April 16, 2024

USA World Cup Team Survives, Aereo Doesn’t

On Thursday, June 26, the USA men’s football team moved on to the knock-out round of 16 in the World Cup, but the day before, startup Aereo lost its battle for survival in the Supreme Court.

What does USA FIFA football team advancing have to do with Aereo losing? ESPN and sports on television.

The Supreme Court case was titled American Broadcasting, Co. (ABC) vs. Aereo. ABC and ESPN are owned by the Walt Disney Co., which was joined in the case by CBS, NBC Universal (owned by cable TV giant Comcast), FOX and all the large cable TV companies and cable networks. The broadcast networks and their owned TV stations all claimed that it wasn’t fair for Aereo to retransmit their programming without paying them.

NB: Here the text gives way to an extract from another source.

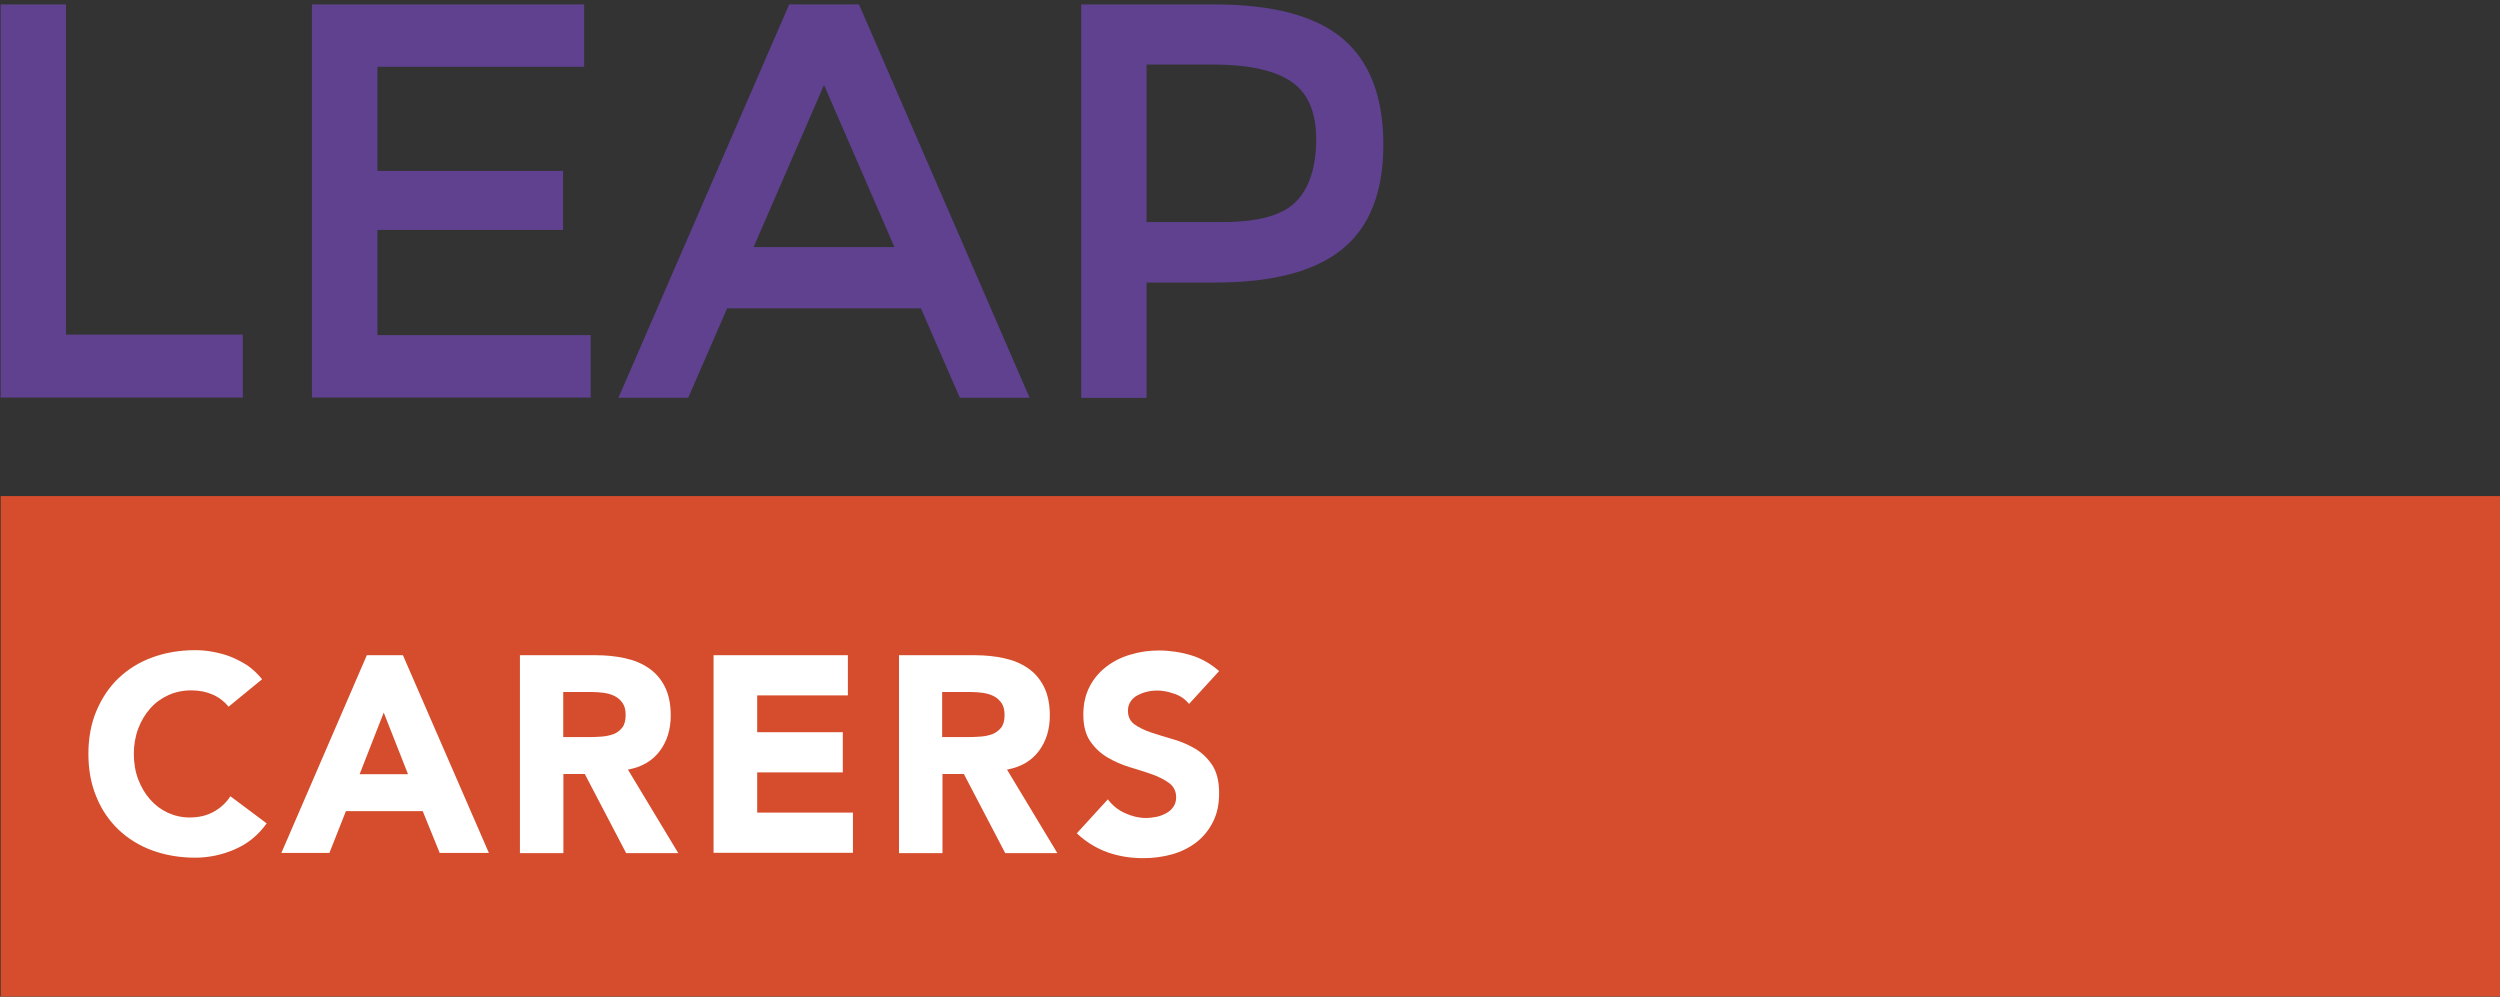 <?xml version="1.0" encoding="UTF-8"?><svg id="Layer_1" xmlns="http://www.w3.org/2000/svg" width="153" height="61" viewBox="0 0 153 61"><rect x="0" y="0" width="153" height="61" fill="#333333" stroke="none"/><defs><style>.cls-1{fill:#fff;}.cls-1,.cls-2,.cls-3{stroke-width:0px;}.cls-2{fill:#d54d2c;}.cls-3{fill:#5f4190;}</style></defs><g id="Layer_1-2"><rect class="cls-2" x=".04" y="30.36" width="153.77" height="30.63"/><path class="cls-1" d="m13.99,43.25c-.26-.32-.58-.57-.97-.74-.38-.17-.82-.26-1.32-.26s-.97.1-1.39.29-.8.46-1.11.81-.56.76-.74,1.24-.27,1-.27,1.55.09,1.09.27,1.56c.18.47.42.88.73,1.23s.67.62,1.08.81c.42.19.86.29,1.34.29.54,0,1.03-.11,1.45-.34.42-.23.77-.54,1.04-.96l2.22,1.66c-.51.72-1.16,1.25-1.95,1.59-.78.34-1.6.51-2.42.51-.95,0-1.82-.15-2.62-.44-.8-.29-1.49-.72-2.07-1.27-.58-.55-1.04-1.22-1.36-2.01-.33-.78-.49-1.67-.49-2.63s.16-1.85.49-2.63.78-1.46,1.36-2.01c.58-.55,1.27-.98,2.07-1.27.8-.29,1.67-.44,2.62-.44.34,0,.7.03,1.07.1s.74.16,1.09.3.7.32,1.04.54c.33.23.62.51.89.84l-2.05,1.68h0Z"/><path class="cls-1" d="m22.45,40.1h2.21l5.26,12.1h-3.01l-1.04-2.56h-4.7l-1.01,2.56h-2.94l5.23-12.1h0Zm1.03,3.52l-1.47,3.76h2.96l-1.48-3.76h0Z"/><path class="cls-1" d="m31.81,40.1h4.68c.61,0,1.2.06,1.75.18.56.12,1.04.32,1.45.6.42.28.75.66.99,1.13s.37,1.06.37,1.77c0,.85-.22,1.58-.67,2.18s-1.09.98-1.95,1.14l3.08,5.11h-3.19l-2.53-4.84h-1.31v4.84h-2.66v-12.1h0Zm2.66,5.01h1.58c.24,0,.49-.01.76-.03.27-.02.51-.07.73-.15s.4-.22.54-.4c.14-.18.21-.44.21-.77,0-.31-.06-.55-.19-.74-.13-.18-.28-.32-.48-.42-.19-.1-.42-.16-.67-.2-.25-.03-.5-.05-.74-.05h-1.74v2.75h0Z"/><path class="cls-1" d="m43.67,40.1h8.22v2.46h-5.55v2.25h5.24v2.46h-5.24v2.46h5.86v2.46h-8.53v-12.1h0Z"/><path class="cls-1" d="m55.01,40.1h4.68c.61,0,1.2.06,1.75.18.56.12,1.04.32,1.45.6.42.28.75.66.99,1.13s.37,1.06.37,1.77c0,.85-.22,1.58-.67,2.18s-1.09.98-1.95,1.14l3.08,5.11h-3.19l-2.53-4.84h-1.31v4.84h-2.66v-12.1h0Zm2.66,5.01h1.57c.24,0,.49-.01.76-.03.27-.02.51-.07.73-.15.22-.09.4-.22.54-.4.14-.18.21-.44.21-.77,0-.31-.06-.55-.19-.74-.13-.18-.28-.32-.48-.42-.19-.1-.42-.16-.67-.2-.25-.03-.5-.05-.74-.05h-1.74v2.75h0Z"/><path class="cls-1" d="m72.75,43.06c-.22-.27-.51-.48-.88-.6-.37-.13-.72-.2-1.05-.2-.19,0-.4.02-.6.07-.2.04-.4.12-.58.21s-.33.22-.44.38-.17.35-.17.58c0,.36.14.65.41.84.27.19.62.36,1.04.5s.86.27,1.34.41c.48.14.92.33,1.34.58.42.25.76.59,1.04,1.01.27.42.41.99.41,1.69s-.12,1.26-.37,1.76-.59.92-1.01,1.25c-.43.33-.92.58-1.48.74-.57.16-1.16.24-1.78.24-.78,0-1.52-.12-2.19-.36s-1.3-.62-1.88-1.16l1.9-2.08c.27.36.62.65,1.04.84s.84.3,1.29.3c.21,0,.44-.03.66-.07.22-.05.42-.13.6-.23s.32-.23.43-.4c.11-.16.16-.35.16-.57,0-.36-.14-.65-.42-.86-.28-.21-.63-.39-1.05-.54s-.88-.29-1.37-.44c-.49-.15-.95-.35-1.37-.6s-.77-.58-1.05-.99c-.28-.41-.42-.95-.42-1.62s.13-1.22.38-1.71.6-.9,1.03-1.23c.43-.33.92-.58,1.48-.74.56-.17,1.13-.25,1.72-.25.68,0,1.35.1,1.98.29s1.21.52,1.72.97l-1.83,2h-.01Z"/><path class="cls-3" d="m.04,24.34V.27h4v20.21h10.82v3.85H.04Z"/><path class="cls-3" d="m35.75.27v3.82h-12.65v6.37h11.36v3.61h-11.36v6.44h13.05v3.82h-17.06V.27h16.65Z"/><path class="cls-3" d="m44.5,18.87l-2.38,5.47h-4.27L48.3.27h4.27l10.44,24.07h-4.27l-2.38-5.47h-11.87,0Zm10.24-3.75l-4.31-9.92-4.31,9.92h8.62Z"/><path class="cls-3" d="m82.18,2.37c1.65,1.4,2.48,3.56,2.48,6.48s-.84,5.05-2.53,6.41c-1.68,1.36-4.27,2.03-7.75,2.03h-4.21v7.06h-4V.27h8.14c3.59,0,6.21.7,7.87,2.1h0Zm-2.83,9.94c.8-.86,1.2-2.12,1.2-3.79s-.51-2.84-1.53-3.53-2.61-1.04-4.78-1.04h-4.07v9.64h4.65c2.22,0,3.73-.43,4.53-1.29h0Z"/></g></svg>

The details of copyright law are too complicated for me to fathom, so I can’t comment on that aspect of the case. Many bloggers and other news sources commented intelligently by focusing on the legal issues in the case, as Jerry Markon, Robert Barnes and Cecilia Kang did in the Washington Post. Some, like Farhad Manjoo in the NY Times Bits blog, commented on the technology issues involved, especially the implications that the Court’s decision might have on cloud storage companies.

But I think it’s interesting to see how the Supreme Court members divided in the 6-3 split. The Court’s three most conservative members (Alito, Scalia and Thomas) were on the dissenting team. Did they not understand the technology involved or interpret the copyright laws differently than the majority (Breyer, Ginsburg, Kagan, Kennedy, Roberts and Sotomayor)?

Could it be the conservatives were voting in favor of a free-market solution and the majority was voting for a more liberal-oriented regulatory solution? Or could it be that the conservatives were sick and tired of their cable TV bills ballooning and wanted to cut the cord, or maybe they just weren’t interested in World Cup football? Free, over-the-air NFL, yes; cable-and-ESPN-delivered FIFA, no.

Or could it be that the conservative trio were looking ahead to 2018, when Fox and Telemundo will be carrying the World Cup, for which they paid $1.2 billion for the two-year package, outbidding ESPN and Univision, which paid $425 for the current FIFA package. Maybe they thought it was a fair, free-market solution for Aereo or other retransmission delivery systems not to pay anything to sports rights holders such as ESPN and FOX.

If you were a Supreme Court justice and liked the World Cup, loved ESPN and other cable network programming (MTV, CNN, MSNBC, FOX News, CNBC, Bloomberg News, etc.) and couldn’t bear the thought of cutting the cord, you would vote in favor of the broadcasters and cable networks and believe it was not fair for Aereo to pay nothing to broadcast networks for programming, especially not to pay for expensive sports programming.

The majority might have seen the chaos that would have ensued if they voted for Aereo. FOX and Telemundo would more than likely demand that FIFA re-negotiate the $1.2 billion deal. FOX, CBS, NBC and ESPN would more than likely demand that the NFL re-negotiate the multi-billion rights deals.  FOX and ESPN would want to re-do their deals with Major League Baseball. All too much to contemplate — too much money involved.

Thus, the decision against Aereo was the easiest way out – give the money to the broadcast and cable networks, the TV stations and the sports leagues, not to upstart Aereo and its backer, Barry Diller. The decision also put off the eventual demise of broadcast and cable TV a little longer, just like the USA World Cup football team’s advancement put off its eventual defeat a little longer.